Plotting distributions: histograms


Jeffrey R. Stevens


April 10, 2023

  1. Using the mtcars data, create a histogram of the fuel efficiency values.
mtcars |> 
  ggplot(aes(x = mpg)) +
  1. Not a great histogram. Mess with the number of bins until you get a nice histogram.
mtcars |> 
  ggplot(aes(x = mpg)) +
  geom_histogram(bins = 8)

  1. Now change the bin width to generate the same plot as #2.
mtcars |> 
  ggplot(aes(x = mpg)) +
  geom_histogram(binwidth = 3.35)

  1. Using the same binwidth from #3, plot a histogram with lightseagreen lines and aquamarine3 shaded areas. Then overlay a density plot with a aquamarine4 line with width 2.
mtcars |> 
  ggplot(aes(x = mpg)) +
  geom_histogram(aes(y = after_stat(density)), binwidth = 3.35, fill = "aquamarine3", color = "lightseagreen") +
  geom_density(bw = 3.35, color = "aquamarine4", linewidth = 2)

  1. What is the difference between a frequency polygon and a density plot?

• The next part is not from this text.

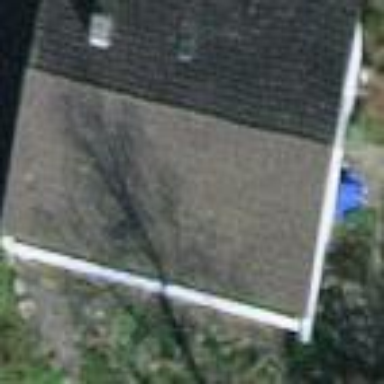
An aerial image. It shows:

  2. Make a density plot with bandwidth of 3 and separate line colors for different cylinder levels.

mtcars |> 
  mutate(cyl = as.factor(cyl)) |> 
  ggplot(aes(x = mpg, color = cyl)) +
  geom_density(bw = 3)

  1. Repeat #6 but also include separate colors for the shaded areas with a transparency of 0.5. Use viridis colors for both lines and shaded areas, and reverse the direction of the colors where 4 is yellow, 6 is greenish, and 8 is purplish.
mtcars |> 
  mutate(cyl = as.factor(cyl)) |> 
  ggplot(aes(x = mpg, color = cyl, fill = cyl)) +
  geom_density(bw = 3, alpha = 0.5) +
  scale_color_viridis_d(direction = -1) +
  scale_fill_viridis_d(direction = -1)